Closed igable closed 9 years ago
Is this bug still present? I took a quick look at the code and it looks like the only invocation of the amqp_send method is wrapped in an exception handler which catches all exceptions and will wait a while and then eventually retry.
https://github.com/hep-gc/shoal/blob/master/shoal-agent/shoal-agent#L173-L189
Is this still reproducable?
@consold can you comment on this. You can try replicating by editing /etc/resolv.conf
.
I spent some time trying to reproduce this by adding and editing entries in the local /etc/resolv.conf.
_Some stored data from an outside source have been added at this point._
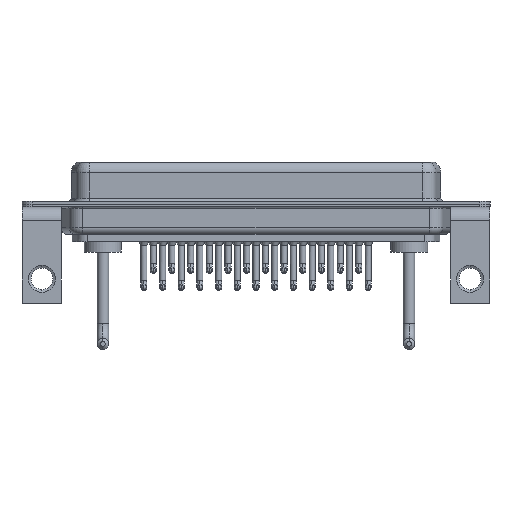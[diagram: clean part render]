
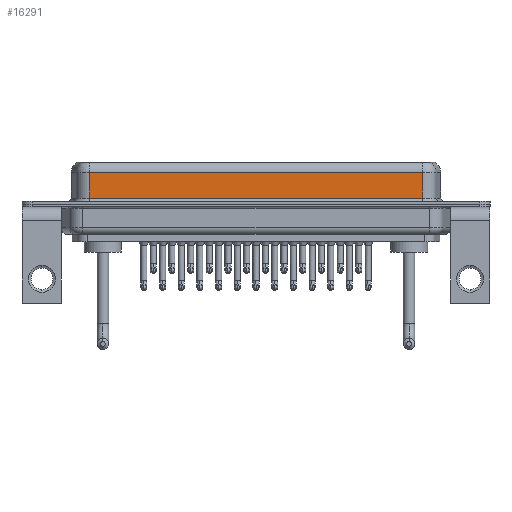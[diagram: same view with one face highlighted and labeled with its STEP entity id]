
A CAD part, front view. The second image highlights one B-rep face of the part: STEP entity #16291.
In plain terms, the highlighted planar face has unit normal (0, -1, 0).
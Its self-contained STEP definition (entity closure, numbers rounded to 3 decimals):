
#206 = FACE_OUTER_BOUND ( 'NONE', #17729, .T. ) ;
#2387 = VERTEX_POINT ( 'NONE', #11154 ) ;
#3593 = CARTESIAN_POINT ( 'NONE',  ( 7.038, -3.95, 4.65 ) ) ;
#4341 = CARTESIAN_POINT ( 'NONE',  ( 56.462, -3.95, 6.4 ) ) ;
#4444 = DIRECTION ( 'NONE',  ( 1., 0., 0. ) ) ;
#4677 = VERTEX_POINT ( 'NONE', #15099 ) ;
#4860 = ORIENTED_EDGE ( 'NONE', *, *, #21502, .T. ) ;
#4958 = LINE ( 'NONE', #6764, #15305 ) ;
#5630 = VECTOR ( 'NONE', #7301, 1000. ) ;
#6016 = EDGE_CURVE ( 'NONE', #18882, #20812, #24928, .T. ) ;
#6453 = AXIS2_PLACEMENT_3D ( 'NONE', #4341, #21692, #19999 ) ;
#6731 = EDGE_CURVE ( 'NONE', #4677, #18882, #9790, .T. ) ;
#6764 = CARTESIAN_POINT ( 'NONE',  ( 56.462, -3.95, 0.9 ) ) ;
#6960 = CARTESIAN_POINT ( 'NONE',  ( 7.038, -3.95, 6.4 ) ) ;
#7301 = DIRECTION ( 'NONE',  ( 0., 0., -1. ) ) ;
#9790 = LINE ( 'NONE', #24097, #17351 ) ;
#11154 = CARTESIAN_POINT ( 'NONE',  ( 56.462, -3.95, 0.9 ) ) ;
#13192 = ORIENTED_EDGE ( 'NONE', *, *, #6731, .T. ) ;
#13664 = DIRECTION ( 'NONE',  ( -1., 0., 0. ) ) ;
#14172 = PLANE ( 'NONE',  #6453 ) ;
#15099 = CARTESIAN_POINT ( 'NONE',  ( 56.462, -3.95, 4.65 ) ) ;
#15305 = VECTOR ( 'NONE', #4444, 1000. ) ;
#16291 = ADVANCED_FACE ( 'NONE', ( #206 ), #14172, .F. ) ;
#16542 = EDGE_CURVE ( 'NONE', #4677, #2387, #19329, .T. ) ;
#16970 = VECTOR ( 'NONE', #19116, 1000. ) ;
#17351 = VECTOR ( 'NONE', #13664, 1000. ) ;
#17729 = EDGE_LOOP ( 'NONE', ( #23765, #13192, #22313, #4860 ) ) ;
#18882 = VERTEX_POINT ( 'NONE', #3593 ) ;
#19116 = DIRECTION ( 'NONE',  ( 0., 0., -1. ) ) ;
#19329 = LINE ( 'NONE', #24773, #5630 ) ;
#19999 = DIRECTION ( 'NONE',  ( 0., 0., 1. ) ) ;
#20812 = VERTEX_POINT ( 'NONE', #21950 ) ;
#21502 = EDGE_CURVE ( 'NONE', #20812, #2387, #4958, .T. ) ;
#21692 = DIRECTION ( 'NONE',  ( 0., 1., 0. ) ) ;
#21950 = CARTESIAN_POINT ( 'NONE',  ( 7.038, -3.95, 0.9 ) ) ;
#22313 = ORIENTED_EDGE ( 'NONE', *, *, #6016, .T. ) ;
#23765 = ORIENTED_EDGE ( 'NONE', *, *, #16542, .F. ) ;
#24097 = CARTESIAN_POINT ( 'NONE',  ( 56.462, -3.95, 4.65 ) ) ;
#24773 = CARTESIAN_POINT ( 'NONE',  ( 56.462, -3.95, 6.4 ) ) ;
#24928 = LINE ( 'NONE', #6960, #16970 ) ;

I found that i couldn't reproduce the error by adding a bad entry for the production shoal server, I could however get an error if i pointed the lookup server to a bad place:
Traceback (most recent call last): File "/usr/bin/shoal-agent", line 199, in <module> main() File "/usr/bin/shoal-agent", line 150, in main data['hostname'] = socket.gethostbyaddr(public_ip.values()[0])[0] socket.herror: [Errno 2] Host name lookup failure
However, I don't think this is really what the original error was about as the lookup server shouldn't be going down. Any more information about how to reproduce this error would be helpful.
Issue appears fixed. Reopen if anyone is able to reproduce this in the future.
During the most recent openstack upgrade at CERN the DNS entry for shoal.heprc.uvic.ca was unavailable for some period. We need to catch this error and just wait for the the DNS to be available.